Researchers at the University of Michigan Engineering and Michigan Medicine announced on Mar. 31 that they have successfully used protein nanoparticles to genetically modify several types of human cells, offering a potential alternative to viral vectors in gene therapy.
The development could help reduce side effects commonly associated with virus-based gene therapies, such as secondary cancers and immune system overreactions. Gene therapy has been effective for treating blood disorders like sickle cell disease and leukemia, but using viruses as delivery agents can sometimes lead to unwanted complications.
In their proof-of-concept study published in Advanced Materials, the team demonstrated that liver cancer cells, kidney cells, and immune cells could be modified by introducing genes for green fluorescent protein via nanoparticles. “There are a lot of diseases where a protein is missing or dysfunctional due to a single mutation, and we can definitely correct for that by introducing a new gene,” said Joerg Lahann, Wolfgang Pauli Collegiate Professor of Chemical Engineering and director of the U-M Biointerfaces Institute. Lahann added: “Typically, this is done with viruses, but the viruses can be toxic and activate the immune cells. So there has been a push in the field to replace virus-based gene editing strategies.” The research was funded by the National Institutes of Health.
The nanoparticles developed do not insert genetic material into patients’ genomes as viruses do; instead, they deliver DNA or RNA that remains separate from cellular DNA. This method may help avoid new cancers linked to viral insertion breaking tumor-suppressing genes. The outer coating made from serum albumin—a natural blood component—may also prove safer than fat-based (lipid) nanoparticles currently used in some treatments.

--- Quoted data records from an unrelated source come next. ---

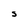
Character: S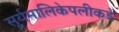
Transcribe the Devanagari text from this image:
सूर्यमालिकेपलीकडे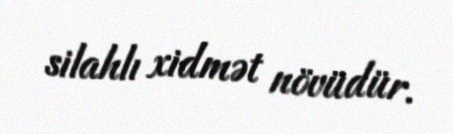
silahlı xidmət növüdür.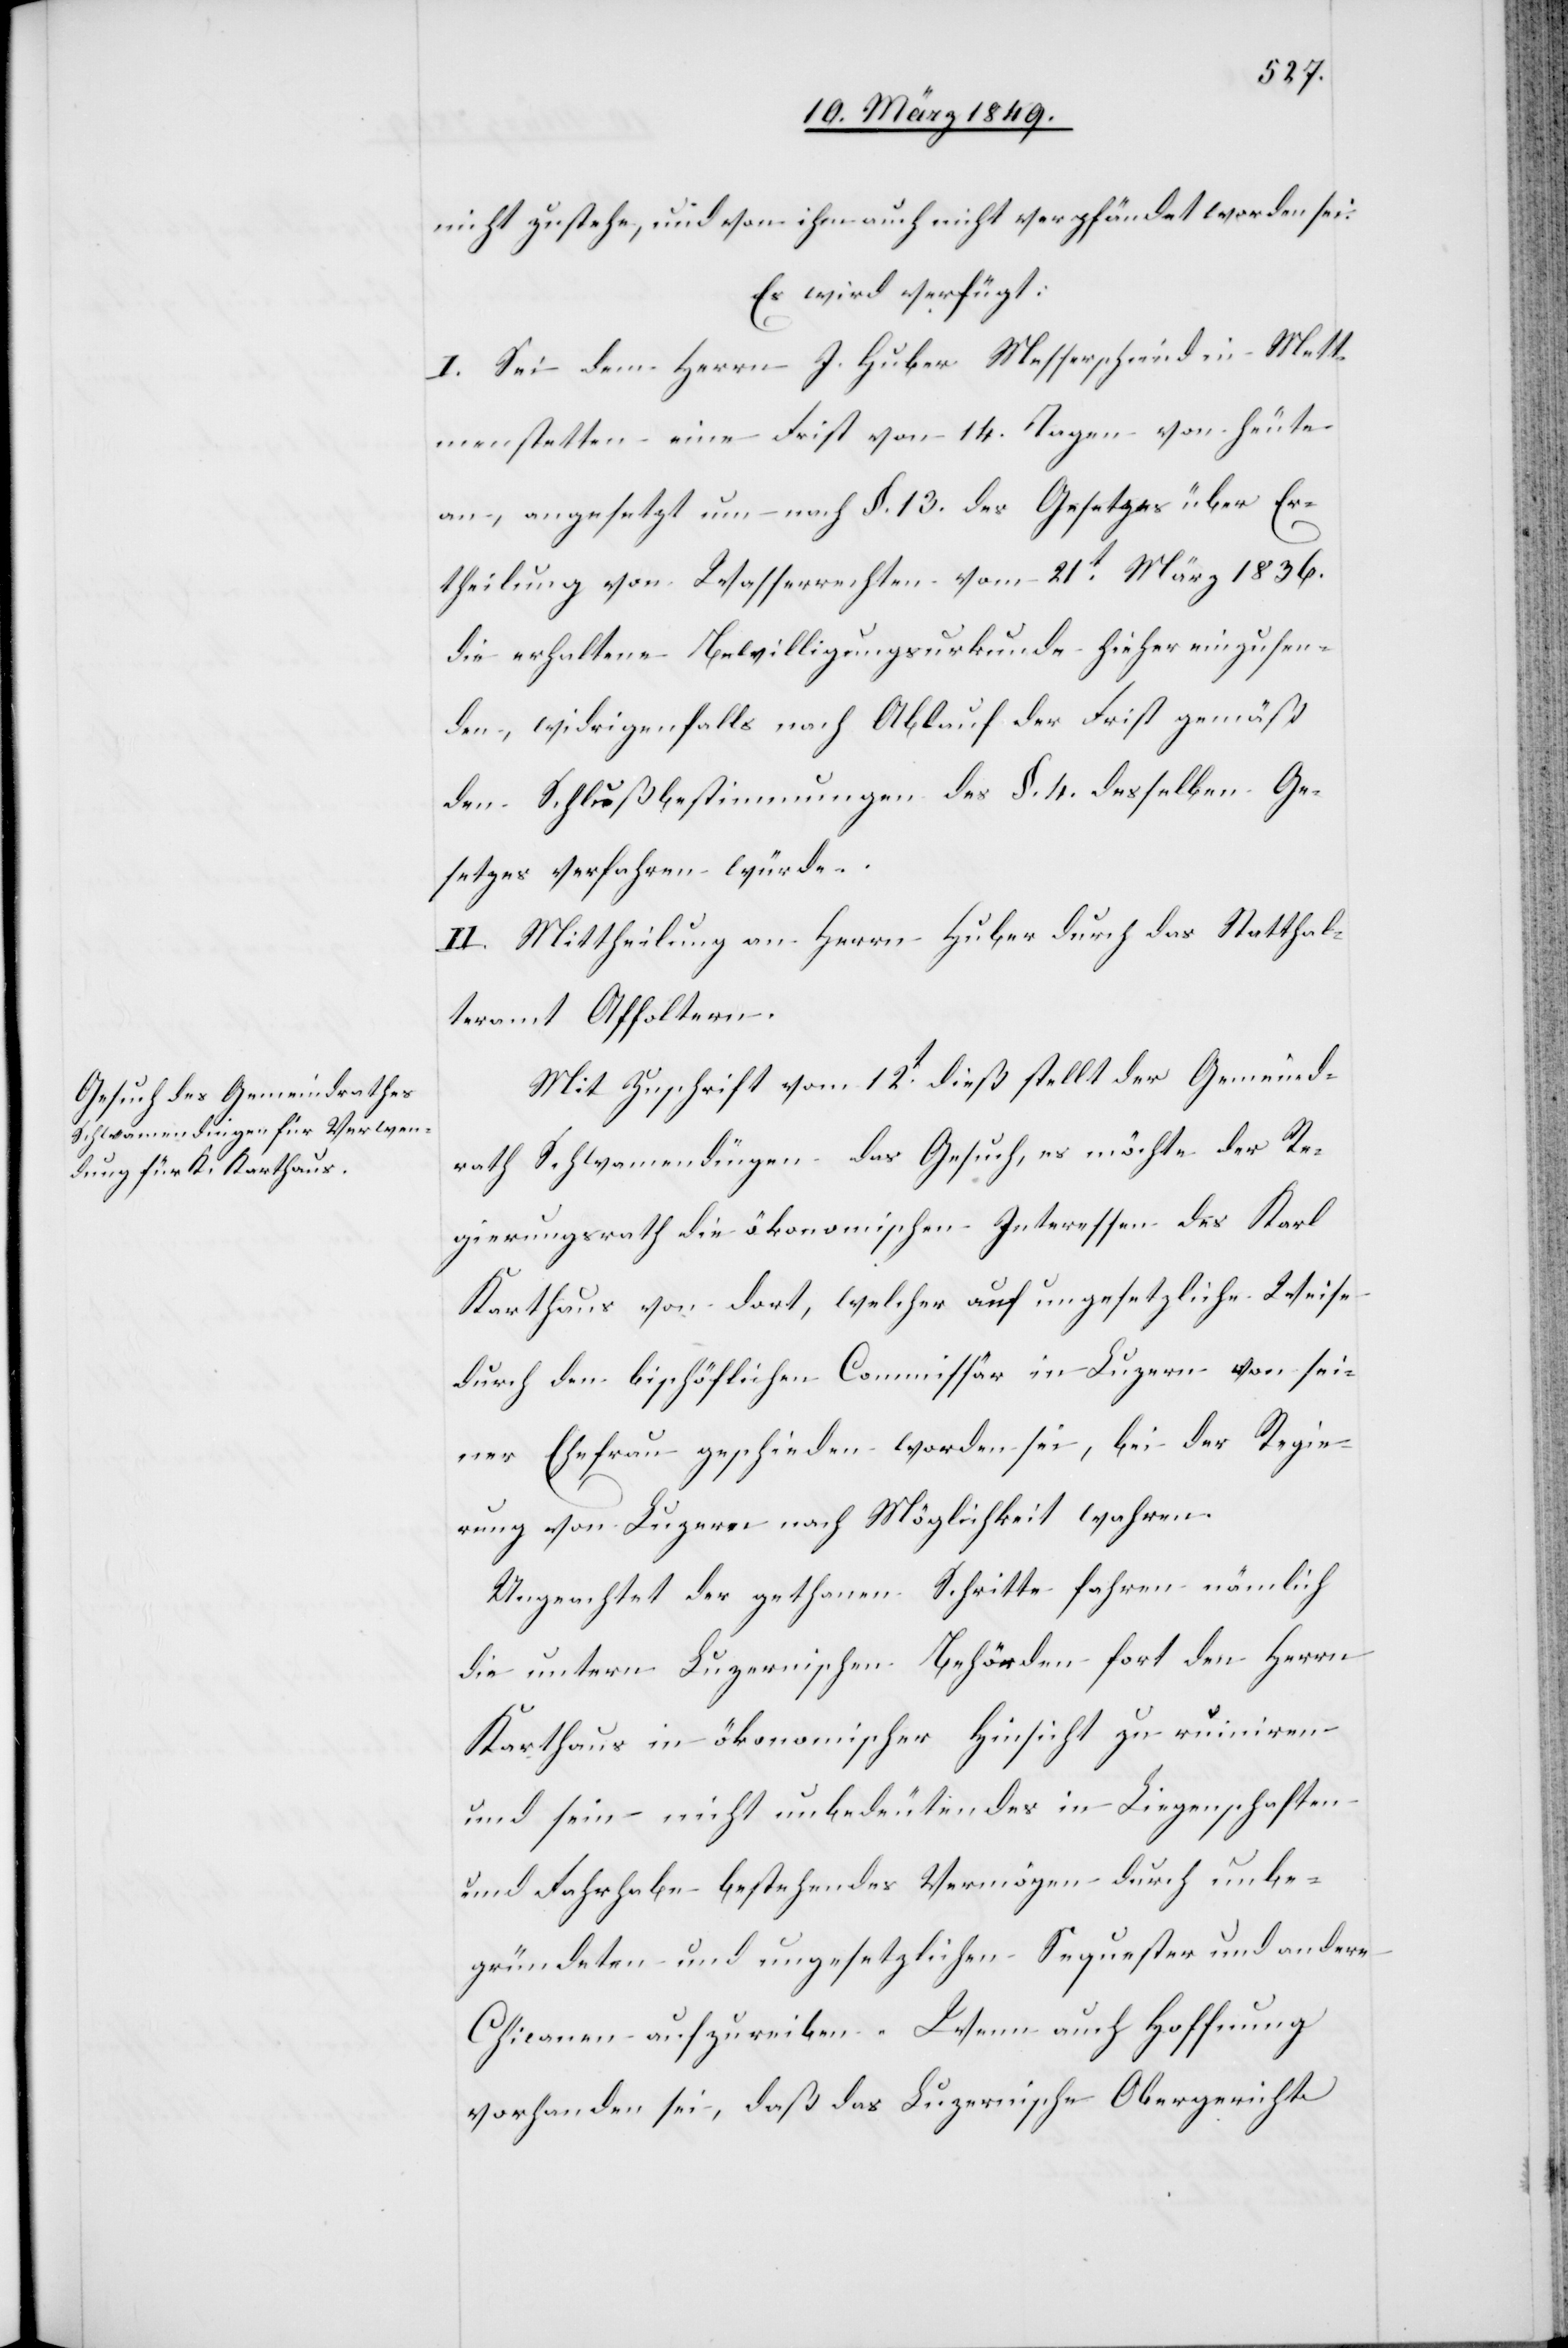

The process involves mixing proteins with genetic material in water before applying an electric field through electrohydrodynamic jetting to form particles encased with polyethylenimine for stability. After entering target cells via endosomes and being digested, these particles release their genetic cargo without integrating it permanently into cell DNA—meaning repeated doses may be needed unless combined with CRISPR-Cas9 technology.
Co-author Michael Triebwasser said future work could explore targeting specific cell types using different proteins on nanoparticle surfaces. Fjorela Xhyliu stated: “In future studies, we hope to test the nanoparticles’ ability to modify human cells with therapeutic genes and identify potential side effects.” The experiments were conducted at facilities supported by federal grants at University of Michigan Ann Arbor.

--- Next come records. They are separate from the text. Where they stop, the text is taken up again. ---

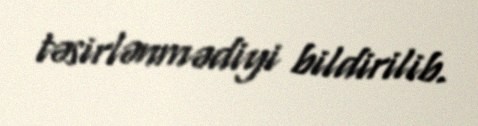
təsirlənmədiyi bildirilib.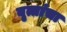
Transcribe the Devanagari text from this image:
वृत्तांचा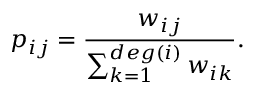
p _ { i j } = \frac { w _ { i j } } { \sum _ { k = 1 } ^ { d e g ( i ) } w _ { i k } } .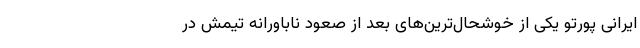
ایرانی پورتو یکی از خوشحال‌ترین‌های بعد از صعود ناباورانه تیمش در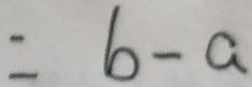
= b - a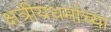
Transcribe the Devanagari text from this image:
क्षत्रीयधर्माच्या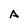
Character: A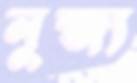
নুব্জ্য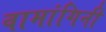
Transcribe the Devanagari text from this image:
वामांगिनी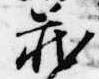
蔵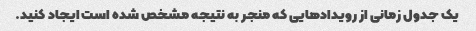
یک جدول زمانی از رویدادهایی که منجر به نتیجه مشخص شده است ایجاد کنید.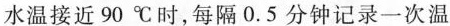
水温接近90℃时，每隔0.5分钟记录一次温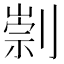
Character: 㓽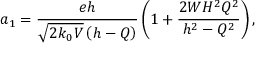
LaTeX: a _ { 1 } = \frac { e h } { \sqrt { 2 k _ { 0 } V } \left( h - Q \right) } \left( 1 + \frac { 2 W H ^ { 2 } Q ^ { 2 } } { h ^ { 2 } - Q ^ { 2 } } \right) ,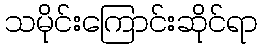
သမိုင်းကြောင်းဆိုင်ရာ
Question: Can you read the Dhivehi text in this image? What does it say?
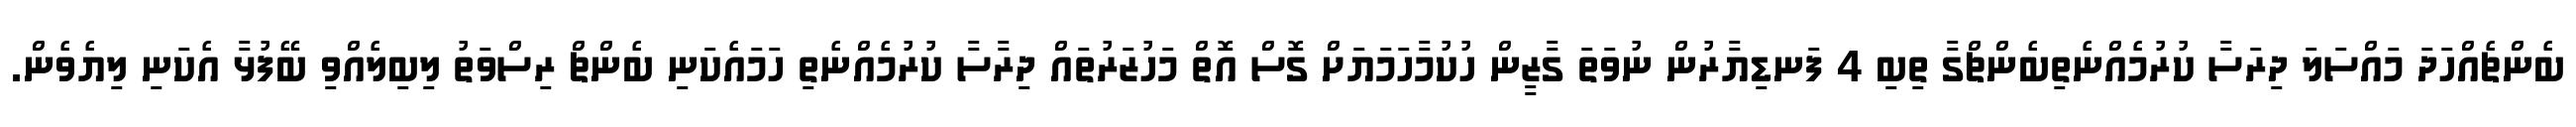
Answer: ބެންޗެއްހަދަ މައްސަލަ ދިރަސާ ކުރުމެއްނެތިބެންޗްގާ ތިބި 4 ފަނޑިޔާރުން ނުވަތަ ގާޒީން ހުކުމާހަމަޔަށް ގޮސް އޮތް މަހުޒަރުތައް ދިރާސާ ކުރުމެއްނެތި ހަމައެކަނި ބެންޗް ރިސްވަތު ލިބިލެއްވި ބޭފުޅާ އެކަނި ލިޔެވެން.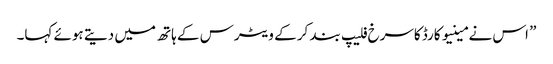
” اس نے مینیو کارڈ کاسرخ فلیپ بند کر کے ویٹرس کے ہاتھ میں دیتے ہوئے کہا۔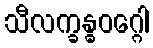
သီလက္ခန္ဓဝဂ္ဂေါ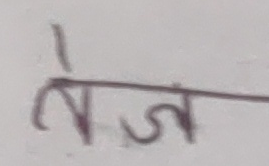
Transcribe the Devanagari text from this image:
तेज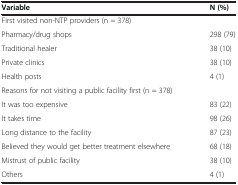
<table><thead><tr><td><b>Variable</b></td><td><b>N (%)</b></td></tr></thead><tbody><tr><td>First visited non-NTP providers (n = 378)</td><td> </td></tr><tr><td>Pharmacy/drug shops</td><td>298 (79)</td></tr><tr><td>Traditional healer</td><td>38 (10)</td></tr><tr><td>Private clinics</td><td>38 (10)</td></tr><tr><td>Health posts</td><td>4 (1)</td></tr><tr><td>Reasons for not visiting a public facility first (n = 378)</td><td> </td></tr><tr><td>It was too expensive</td><td>83 (22)</td></tr><tr><td>It takes time</td><td>98 (26)</td></tr><tr><td>Long distance to the facility</td><td>87 (23)</td></tr><tr><td>Believed they would get better treatment elsewhere</td><td>68 (18)</td></tr><tr><td>Mistrust of public facility</td><td>38 (10)</td></tr><tr><td>Others</td><td>4 (1)</td></tr></tbody></table>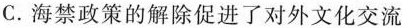
C.海禁政策的解除促进了对外文化交流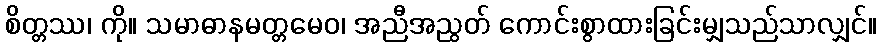
စိတ္တဿ၊ ကို။ သမာဓာနမတ္တမေဝ၊ အညီအညွတ် ကောင်းစွာထားခြင်းမျှသည်သာလျှင်။
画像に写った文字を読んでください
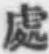
「處」と書いてあります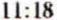
11:18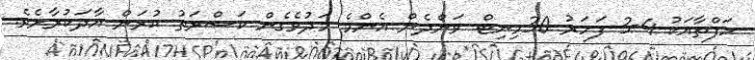
ހަފްތާއަކު 4-3 ފަހަރު 30މިނިޓް ވަންދެން އެންމެ މަދުވެގެން ކަސްރަތު ކުރަން އާދަކުރާށެވެ.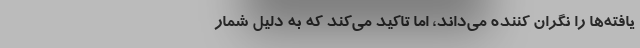
یافته‌ها را نگران کننده می‌داند، اما تاکید می‌کند که به دلیل شمار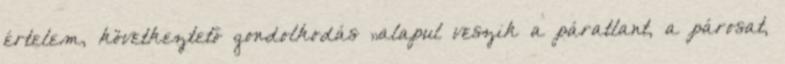
értelem, következtető gondolkodás „alapul veszik a páratlant, a párosat,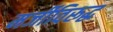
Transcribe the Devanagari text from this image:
मर्जीविरूद्ध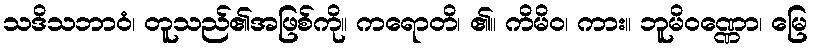
သဒိသဘာဝံ၊ တူသည်၏အဖြစ်ကို။ ကရောတိ၊ ၏။ ကိမိဝ၊ ကား။ ဘူမိဝဏ္ဏော၊ မြေ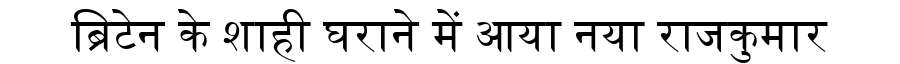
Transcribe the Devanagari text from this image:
ब्रिटेन के शाही घराने में आया नया राजकुमार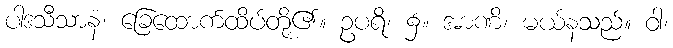
ပါဒသီသာနံ၊ ခြေထောက်ထိပ်တို့၏။ ဥပရိ၊ ၌။ အာဏိ၊ မယ်နသည်။ ဝါ၊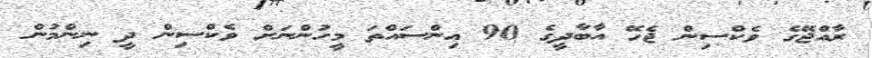
ރާއްޖޭގެ ވެކްސިން ޖެހޭ އާބާދީގެ 90 އިންސައްތަ މީހުންނަށް ވެކްސިން ދީ ނިންމުން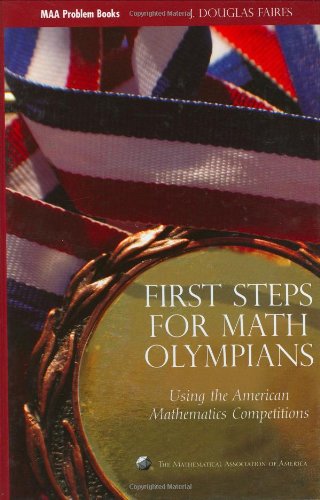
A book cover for First Steps for Math Olympians: Using the American Mathematics Competitions (Problem Books) (MAA Problem Book Series); J. Douglas Faires; Humor & Entertainment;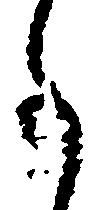
事

The University of Michigan Ann Arbor stands as a public research university offering diverse academic programs across its schools and colleges according to its official website. Its main campus is located in Ann Arbor with additional sites in Dearborn and Flint according to its official website. The institution extends its reach through these campuses while cultivating leaders who address challenges beyond Michigan according to its official website.